======== Dataset entries ========

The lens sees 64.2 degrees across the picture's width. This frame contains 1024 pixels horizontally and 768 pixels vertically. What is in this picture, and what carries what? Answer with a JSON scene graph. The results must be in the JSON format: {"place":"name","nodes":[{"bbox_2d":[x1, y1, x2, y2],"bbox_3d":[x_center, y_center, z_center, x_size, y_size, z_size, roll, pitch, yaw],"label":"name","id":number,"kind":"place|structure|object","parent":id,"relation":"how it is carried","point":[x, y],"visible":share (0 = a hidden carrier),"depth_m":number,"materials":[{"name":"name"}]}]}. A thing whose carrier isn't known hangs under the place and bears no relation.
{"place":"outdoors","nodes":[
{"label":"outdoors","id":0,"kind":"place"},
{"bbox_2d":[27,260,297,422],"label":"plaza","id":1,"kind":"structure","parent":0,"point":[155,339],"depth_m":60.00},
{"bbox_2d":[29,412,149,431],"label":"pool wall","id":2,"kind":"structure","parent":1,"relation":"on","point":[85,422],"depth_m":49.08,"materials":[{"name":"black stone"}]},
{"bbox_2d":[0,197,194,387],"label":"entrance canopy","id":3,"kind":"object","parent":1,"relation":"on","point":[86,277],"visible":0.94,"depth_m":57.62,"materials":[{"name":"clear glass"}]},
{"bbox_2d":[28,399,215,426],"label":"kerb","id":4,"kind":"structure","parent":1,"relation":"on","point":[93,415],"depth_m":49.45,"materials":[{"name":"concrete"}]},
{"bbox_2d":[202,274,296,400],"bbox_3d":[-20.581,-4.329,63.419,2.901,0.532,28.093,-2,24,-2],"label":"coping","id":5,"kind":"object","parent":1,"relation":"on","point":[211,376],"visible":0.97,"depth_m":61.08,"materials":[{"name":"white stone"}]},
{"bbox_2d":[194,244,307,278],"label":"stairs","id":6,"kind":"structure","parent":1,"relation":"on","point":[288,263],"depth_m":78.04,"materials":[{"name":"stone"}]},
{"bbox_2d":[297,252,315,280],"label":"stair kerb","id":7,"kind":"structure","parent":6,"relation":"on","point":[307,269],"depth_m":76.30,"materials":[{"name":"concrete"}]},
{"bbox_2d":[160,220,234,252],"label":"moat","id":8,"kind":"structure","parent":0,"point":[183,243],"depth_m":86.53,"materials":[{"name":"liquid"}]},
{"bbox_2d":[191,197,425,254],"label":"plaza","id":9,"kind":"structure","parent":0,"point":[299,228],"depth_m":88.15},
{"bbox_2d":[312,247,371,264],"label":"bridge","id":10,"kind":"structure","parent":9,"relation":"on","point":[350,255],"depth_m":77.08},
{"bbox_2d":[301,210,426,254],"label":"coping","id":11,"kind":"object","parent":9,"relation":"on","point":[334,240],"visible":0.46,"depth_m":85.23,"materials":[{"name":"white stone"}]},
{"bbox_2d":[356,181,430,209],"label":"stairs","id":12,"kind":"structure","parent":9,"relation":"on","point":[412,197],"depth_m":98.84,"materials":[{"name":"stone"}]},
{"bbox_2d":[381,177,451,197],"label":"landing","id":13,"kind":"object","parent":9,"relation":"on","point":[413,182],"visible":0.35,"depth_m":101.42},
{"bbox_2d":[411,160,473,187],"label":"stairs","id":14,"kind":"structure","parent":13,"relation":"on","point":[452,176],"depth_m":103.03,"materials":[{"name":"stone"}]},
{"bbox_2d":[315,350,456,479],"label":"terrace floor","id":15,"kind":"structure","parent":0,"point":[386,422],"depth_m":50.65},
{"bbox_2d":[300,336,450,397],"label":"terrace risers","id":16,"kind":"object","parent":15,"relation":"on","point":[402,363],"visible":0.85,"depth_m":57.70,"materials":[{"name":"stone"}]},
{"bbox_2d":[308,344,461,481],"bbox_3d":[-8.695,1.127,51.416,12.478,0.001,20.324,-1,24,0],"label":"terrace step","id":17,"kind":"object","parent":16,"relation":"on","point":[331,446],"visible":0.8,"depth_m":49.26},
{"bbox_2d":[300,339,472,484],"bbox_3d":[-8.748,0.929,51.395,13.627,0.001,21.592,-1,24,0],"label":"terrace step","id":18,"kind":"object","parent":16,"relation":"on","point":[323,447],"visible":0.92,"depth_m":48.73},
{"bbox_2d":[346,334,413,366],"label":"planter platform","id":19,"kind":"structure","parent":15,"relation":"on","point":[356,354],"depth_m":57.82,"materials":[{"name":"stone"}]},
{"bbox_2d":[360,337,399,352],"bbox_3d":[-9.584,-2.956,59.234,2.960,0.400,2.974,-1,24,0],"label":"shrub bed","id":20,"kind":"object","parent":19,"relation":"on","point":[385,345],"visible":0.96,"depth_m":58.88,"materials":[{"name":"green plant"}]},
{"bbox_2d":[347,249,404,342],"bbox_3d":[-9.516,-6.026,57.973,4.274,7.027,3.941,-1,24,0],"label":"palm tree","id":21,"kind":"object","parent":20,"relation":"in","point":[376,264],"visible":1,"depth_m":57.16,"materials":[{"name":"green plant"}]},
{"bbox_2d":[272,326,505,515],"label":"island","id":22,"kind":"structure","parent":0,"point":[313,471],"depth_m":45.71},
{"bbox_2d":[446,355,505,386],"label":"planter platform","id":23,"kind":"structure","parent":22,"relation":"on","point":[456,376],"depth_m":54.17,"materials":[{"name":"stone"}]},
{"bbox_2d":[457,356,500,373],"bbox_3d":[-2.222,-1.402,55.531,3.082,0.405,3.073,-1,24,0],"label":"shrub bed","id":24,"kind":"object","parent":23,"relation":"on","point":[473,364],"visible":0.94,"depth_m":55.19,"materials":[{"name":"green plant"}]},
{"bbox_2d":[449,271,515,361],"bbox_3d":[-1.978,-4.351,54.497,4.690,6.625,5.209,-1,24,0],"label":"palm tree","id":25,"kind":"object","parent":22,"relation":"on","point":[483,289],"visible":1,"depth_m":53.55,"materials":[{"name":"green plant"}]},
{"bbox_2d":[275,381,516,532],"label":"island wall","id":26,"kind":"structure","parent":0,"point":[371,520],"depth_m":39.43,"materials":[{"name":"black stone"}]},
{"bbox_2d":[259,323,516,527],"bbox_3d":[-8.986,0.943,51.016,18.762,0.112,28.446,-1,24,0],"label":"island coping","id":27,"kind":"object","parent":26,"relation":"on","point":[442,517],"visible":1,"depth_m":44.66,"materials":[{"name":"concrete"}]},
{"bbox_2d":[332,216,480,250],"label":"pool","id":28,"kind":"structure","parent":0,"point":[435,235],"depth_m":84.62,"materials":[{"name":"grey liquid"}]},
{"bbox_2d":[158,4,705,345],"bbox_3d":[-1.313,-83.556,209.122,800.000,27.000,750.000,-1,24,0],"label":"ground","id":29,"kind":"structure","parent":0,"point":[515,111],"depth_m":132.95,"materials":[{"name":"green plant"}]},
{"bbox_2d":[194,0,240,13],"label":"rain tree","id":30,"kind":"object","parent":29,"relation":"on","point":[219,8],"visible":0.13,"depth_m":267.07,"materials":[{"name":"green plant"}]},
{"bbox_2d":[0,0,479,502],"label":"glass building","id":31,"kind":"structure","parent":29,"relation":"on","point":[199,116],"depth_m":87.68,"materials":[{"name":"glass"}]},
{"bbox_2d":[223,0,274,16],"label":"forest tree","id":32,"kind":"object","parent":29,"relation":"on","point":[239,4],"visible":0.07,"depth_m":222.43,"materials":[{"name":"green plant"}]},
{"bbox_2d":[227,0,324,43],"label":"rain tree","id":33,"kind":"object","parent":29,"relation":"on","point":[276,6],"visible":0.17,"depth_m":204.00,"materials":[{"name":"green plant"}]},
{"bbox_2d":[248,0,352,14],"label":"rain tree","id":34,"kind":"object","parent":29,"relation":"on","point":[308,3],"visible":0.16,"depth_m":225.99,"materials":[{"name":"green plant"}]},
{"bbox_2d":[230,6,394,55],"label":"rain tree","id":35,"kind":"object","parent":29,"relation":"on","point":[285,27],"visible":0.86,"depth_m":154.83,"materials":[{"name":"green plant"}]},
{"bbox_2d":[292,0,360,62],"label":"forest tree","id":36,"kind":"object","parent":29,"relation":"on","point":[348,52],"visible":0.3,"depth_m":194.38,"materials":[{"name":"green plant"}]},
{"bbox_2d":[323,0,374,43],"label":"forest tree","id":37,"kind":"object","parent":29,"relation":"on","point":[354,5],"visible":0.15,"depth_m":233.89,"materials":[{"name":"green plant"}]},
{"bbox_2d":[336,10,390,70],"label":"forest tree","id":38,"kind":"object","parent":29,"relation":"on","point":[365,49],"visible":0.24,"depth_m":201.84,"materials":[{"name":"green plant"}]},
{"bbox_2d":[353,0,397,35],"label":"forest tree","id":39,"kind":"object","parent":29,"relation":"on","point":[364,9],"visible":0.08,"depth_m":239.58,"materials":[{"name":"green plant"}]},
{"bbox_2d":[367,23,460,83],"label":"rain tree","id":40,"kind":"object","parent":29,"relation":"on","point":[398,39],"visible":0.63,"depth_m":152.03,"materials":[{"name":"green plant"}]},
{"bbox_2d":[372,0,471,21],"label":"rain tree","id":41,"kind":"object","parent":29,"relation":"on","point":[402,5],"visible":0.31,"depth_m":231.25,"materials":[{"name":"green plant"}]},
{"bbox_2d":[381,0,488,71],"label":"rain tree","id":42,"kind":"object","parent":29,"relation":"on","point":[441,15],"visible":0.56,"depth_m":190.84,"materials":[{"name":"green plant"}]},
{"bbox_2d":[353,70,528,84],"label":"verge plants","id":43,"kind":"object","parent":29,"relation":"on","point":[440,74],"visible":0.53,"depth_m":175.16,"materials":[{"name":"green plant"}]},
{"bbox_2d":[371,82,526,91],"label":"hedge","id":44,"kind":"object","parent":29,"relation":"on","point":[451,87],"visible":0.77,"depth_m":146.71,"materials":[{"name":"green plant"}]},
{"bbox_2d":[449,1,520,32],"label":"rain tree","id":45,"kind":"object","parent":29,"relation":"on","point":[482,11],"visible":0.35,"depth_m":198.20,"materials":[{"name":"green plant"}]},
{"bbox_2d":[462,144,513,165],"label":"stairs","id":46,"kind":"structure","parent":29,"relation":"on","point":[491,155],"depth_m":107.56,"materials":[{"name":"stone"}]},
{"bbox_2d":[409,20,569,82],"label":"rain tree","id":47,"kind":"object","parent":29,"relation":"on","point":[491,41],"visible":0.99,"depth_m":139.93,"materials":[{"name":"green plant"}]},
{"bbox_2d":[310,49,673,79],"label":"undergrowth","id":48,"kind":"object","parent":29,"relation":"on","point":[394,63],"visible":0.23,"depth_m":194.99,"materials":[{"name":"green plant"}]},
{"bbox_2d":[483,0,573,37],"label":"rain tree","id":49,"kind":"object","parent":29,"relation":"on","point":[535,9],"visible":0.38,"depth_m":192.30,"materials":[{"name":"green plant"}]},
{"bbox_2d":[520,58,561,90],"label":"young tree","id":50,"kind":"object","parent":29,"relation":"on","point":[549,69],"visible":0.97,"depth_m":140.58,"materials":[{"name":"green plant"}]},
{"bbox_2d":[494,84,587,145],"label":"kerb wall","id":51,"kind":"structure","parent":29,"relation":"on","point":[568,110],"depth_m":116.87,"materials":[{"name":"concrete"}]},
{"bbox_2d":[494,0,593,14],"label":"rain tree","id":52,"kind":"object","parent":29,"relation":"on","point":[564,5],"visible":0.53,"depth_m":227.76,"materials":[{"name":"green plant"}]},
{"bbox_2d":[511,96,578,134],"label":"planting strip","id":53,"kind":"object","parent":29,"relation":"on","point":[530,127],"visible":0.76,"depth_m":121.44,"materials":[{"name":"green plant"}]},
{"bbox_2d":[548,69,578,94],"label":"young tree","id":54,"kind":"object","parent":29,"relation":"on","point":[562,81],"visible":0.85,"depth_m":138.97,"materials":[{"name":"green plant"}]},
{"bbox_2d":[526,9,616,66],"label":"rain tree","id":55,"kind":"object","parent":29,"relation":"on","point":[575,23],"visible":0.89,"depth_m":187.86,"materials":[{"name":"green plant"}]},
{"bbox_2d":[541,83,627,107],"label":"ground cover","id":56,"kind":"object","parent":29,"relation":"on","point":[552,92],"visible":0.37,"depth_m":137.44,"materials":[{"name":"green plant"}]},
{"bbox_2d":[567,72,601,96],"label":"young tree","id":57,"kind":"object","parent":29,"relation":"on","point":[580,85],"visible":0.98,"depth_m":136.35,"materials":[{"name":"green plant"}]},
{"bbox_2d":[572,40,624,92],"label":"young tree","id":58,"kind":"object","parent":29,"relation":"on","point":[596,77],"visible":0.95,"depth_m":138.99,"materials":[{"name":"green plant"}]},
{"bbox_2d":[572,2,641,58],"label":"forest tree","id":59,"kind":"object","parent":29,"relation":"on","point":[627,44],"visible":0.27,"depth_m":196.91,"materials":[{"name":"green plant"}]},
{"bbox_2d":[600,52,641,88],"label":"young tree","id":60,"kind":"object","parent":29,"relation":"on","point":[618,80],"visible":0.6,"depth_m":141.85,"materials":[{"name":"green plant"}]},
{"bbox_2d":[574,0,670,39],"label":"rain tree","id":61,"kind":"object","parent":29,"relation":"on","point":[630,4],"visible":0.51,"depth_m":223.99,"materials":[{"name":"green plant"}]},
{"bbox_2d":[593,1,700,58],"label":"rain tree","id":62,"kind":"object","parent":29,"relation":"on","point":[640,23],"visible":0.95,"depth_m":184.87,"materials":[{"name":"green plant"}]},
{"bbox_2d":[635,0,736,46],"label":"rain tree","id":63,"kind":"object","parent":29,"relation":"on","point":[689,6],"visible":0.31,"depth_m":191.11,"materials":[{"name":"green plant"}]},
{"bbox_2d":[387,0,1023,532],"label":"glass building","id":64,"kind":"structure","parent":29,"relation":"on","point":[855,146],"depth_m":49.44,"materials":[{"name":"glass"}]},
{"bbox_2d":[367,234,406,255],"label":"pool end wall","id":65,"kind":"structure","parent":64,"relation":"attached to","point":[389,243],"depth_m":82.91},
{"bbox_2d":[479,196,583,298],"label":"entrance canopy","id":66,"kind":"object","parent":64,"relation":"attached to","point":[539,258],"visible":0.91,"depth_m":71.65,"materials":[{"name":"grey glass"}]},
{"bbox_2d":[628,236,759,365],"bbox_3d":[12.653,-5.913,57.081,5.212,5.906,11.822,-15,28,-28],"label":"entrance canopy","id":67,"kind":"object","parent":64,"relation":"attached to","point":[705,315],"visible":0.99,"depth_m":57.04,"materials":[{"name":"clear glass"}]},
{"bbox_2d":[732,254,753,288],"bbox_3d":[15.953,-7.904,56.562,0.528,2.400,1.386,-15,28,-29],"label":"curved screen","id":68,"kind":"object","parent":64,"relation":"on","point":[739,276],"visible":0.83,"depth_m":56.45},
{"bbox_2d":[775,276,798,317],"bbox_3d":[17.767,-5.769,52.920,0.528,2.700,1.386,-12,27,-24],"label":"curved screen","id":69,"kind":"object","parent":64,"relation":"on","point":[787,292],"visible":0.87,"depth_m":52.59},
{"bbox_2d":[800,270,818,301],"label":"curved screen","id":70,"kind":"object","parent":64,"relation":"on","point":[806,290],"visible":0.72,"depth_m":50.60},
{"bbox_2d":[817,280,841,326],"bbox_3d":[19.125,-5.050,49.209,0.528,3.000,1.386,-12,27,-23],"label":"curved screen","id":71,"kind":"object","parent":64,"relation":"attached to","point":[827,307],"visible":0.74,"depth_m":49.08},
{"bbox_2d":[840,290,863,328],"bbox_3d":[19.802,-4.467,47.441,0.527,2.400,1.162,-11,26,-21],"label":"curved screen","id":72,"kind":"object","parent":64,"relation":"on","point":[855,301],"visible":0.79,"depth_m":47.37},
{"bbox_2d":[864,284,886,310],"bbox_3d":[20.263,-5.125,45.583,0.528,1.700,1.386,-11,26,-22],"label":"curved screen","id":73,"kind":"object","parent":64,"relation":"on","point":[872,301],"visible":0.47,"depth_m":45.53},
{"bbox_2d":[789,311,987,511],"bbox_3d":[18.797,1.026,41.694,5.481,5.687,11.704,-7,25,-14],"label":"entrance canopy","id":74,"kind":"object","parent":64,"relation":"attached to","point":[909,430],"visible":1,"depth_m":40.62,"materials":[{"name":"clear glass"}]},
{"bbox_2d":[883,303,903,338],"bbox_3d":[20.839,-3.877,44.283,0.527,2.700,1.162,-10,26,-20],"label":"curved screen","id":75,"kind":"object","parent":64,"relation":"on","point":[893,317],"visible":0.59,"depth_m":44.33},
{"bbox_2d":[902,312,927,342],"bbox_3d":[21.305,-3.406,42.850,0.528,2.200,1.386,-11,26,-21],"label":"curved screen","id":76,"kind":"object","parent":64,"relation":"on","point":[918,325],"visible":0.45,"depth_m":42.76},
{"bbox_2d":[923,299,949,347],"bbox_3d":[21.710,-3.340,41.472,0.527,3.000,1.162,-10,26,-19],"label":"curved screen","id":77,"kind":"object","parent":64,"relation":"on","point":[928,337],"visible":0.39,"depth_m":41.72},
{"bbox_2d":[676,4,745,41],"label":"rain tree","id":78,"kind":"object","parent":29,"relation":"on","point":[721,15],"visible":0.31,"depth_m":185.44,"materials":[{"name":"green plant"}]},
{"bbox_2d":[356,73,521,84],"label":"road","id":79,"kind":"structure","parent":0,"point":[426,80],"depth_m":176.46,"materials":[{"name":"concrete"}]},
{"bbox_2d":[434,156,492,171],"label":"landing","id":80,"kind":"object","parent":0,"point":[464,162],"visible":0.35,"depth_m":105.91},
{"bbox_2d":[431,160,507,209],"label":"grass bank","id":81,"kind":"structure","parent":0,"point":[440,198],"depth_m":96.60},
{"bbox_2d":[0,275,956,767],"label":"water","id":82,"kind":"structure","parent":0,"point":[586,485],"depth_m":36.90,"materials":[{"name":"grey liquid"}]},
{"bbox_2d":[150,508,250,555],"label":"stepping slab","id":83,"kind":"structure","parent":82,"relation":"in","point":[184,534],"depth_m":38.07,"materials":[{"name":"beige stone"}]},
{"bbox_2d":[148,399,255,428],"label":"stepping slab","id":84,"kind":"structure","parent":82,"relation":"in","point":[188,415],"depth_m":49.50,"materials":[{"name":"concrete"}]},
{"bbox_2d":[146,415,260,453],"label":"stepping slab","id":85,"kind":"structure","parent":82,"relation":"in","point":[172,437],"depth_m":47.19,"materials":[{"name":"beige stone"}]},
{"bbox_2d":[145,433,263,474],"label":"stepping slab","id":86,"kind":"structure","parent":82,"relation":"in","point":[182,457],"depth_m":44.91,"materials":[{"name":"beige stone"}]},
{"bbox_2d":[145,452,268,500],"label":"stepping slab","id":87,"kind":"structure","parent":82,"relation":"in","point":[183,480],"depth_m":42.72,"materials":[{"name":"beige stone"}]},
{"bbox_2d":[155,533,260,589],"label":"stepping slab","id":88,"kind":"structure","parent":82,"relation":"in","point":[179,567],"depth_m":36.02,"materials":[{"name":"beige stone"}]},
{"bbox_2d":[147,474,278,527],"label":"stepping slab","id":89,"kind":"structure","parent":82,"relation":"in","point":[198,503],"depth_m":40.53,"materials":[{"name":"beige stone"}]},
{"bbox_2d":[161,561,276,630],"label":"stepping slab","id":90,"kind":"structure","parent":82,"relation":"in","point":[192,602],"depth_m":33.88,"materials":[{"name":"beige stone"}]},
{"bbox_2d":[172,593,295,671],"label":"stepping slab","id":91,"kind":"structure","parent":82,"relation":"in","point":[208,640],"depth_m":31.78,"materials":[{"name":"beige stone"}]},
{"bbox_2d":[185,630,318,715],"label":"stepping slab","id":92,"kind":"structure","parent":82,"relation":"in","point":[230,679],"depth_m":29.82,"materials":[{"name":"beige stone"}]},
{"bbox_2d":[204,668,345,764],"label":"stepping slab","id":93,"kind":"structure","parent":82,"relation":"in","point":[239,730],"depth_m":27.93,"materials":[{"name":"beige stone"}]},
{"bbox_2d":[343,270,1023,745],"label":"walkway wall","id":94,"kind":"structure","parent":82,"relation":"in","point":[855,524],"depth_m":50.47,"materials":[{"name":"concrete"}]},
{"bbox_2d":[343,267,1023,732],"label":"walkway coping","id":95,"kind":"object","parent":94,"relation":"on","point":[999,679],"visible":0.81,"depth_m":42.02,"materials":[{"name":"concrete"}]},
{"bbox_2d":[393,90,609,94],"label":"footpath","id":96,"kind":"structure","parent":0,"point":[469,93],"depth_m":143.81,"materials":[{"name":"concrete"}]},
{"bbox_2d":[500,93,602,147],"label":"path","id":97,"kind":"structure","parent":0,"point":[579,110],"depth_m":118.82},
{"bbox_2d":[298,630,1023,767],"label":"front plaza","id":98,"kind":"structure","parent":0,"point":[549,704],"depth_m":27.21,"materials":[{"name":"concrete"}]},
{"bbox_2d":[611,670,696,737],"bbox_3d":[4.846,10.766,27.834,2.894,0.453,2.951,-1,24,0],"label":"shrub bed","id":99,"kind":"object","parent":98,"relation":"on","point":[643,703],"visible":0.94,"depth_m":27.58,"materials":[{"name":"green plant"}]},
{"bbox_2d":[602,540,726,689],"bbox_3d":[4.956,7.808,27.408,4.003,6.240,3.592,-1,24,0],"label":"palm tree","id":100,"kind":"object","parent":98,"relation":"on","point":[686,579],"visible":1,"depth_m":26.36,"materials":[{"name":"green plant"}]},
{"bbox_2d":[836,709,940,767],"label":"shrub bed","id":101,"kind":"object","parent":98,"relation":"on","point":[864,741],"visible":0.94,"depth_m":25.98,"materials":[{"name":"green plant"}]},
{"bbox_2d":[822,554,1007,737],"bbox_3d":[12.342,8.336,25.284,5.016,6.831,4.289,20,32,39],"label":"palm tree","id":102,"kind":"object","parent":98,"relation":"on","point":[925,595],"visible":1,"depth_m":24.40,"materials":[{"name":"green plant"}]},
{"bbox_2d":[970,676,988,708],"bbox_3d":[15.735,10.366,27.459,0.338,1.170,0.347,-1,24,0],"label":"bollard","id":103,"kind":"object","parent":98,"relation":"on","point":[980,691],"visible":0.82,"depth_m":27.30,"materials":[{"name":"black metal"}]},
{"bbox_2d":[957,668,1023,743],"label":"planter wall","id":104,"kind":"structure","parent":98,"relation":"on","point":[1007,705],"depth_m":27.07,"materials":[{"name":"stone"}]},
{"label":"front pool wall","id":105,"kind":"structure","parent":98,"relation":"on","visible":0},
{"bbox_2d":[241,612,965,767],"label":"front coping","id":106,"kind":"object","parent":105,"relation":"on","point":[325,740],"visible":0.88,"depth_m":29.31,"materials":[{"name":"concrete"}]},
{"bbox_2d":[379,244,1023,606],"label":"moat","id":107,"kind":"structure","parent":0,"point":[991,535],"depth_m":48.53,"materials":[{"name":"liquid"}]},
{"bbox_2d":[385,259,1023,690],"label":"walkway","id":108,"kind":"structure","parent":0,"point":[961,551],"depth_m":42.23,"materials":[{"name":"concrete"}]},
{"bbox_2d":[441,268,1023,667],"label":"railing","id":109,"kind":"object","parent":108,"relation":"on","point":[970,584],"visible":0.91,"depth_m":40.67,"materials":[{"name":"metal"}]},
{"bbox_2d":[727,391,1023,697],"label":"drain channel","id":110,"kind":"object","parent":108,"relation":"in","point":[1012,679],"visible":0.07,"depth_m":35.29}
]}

========

Action item =
Go over the listing above and return each line with "plaza".

Answer space =
{"bbox_2d":[27,260,297,422],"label":"plaza","id":1,"kind":"structure","parent":0,"point":[155,339],"depth_m":60.00},
{"bbox_2d":[191,197,425,254],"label":"plaza","id":9,"kind":"structure","parent":0,"point":[299,228],"depth_m":88.15},
{"bbox_2d":[298,630,1023,767],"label":"front plaza","id":98,"kind":"structure","parent":0,"point":[549,704],"depth_m":27.21,"materials":[{"name":"concrete"}]},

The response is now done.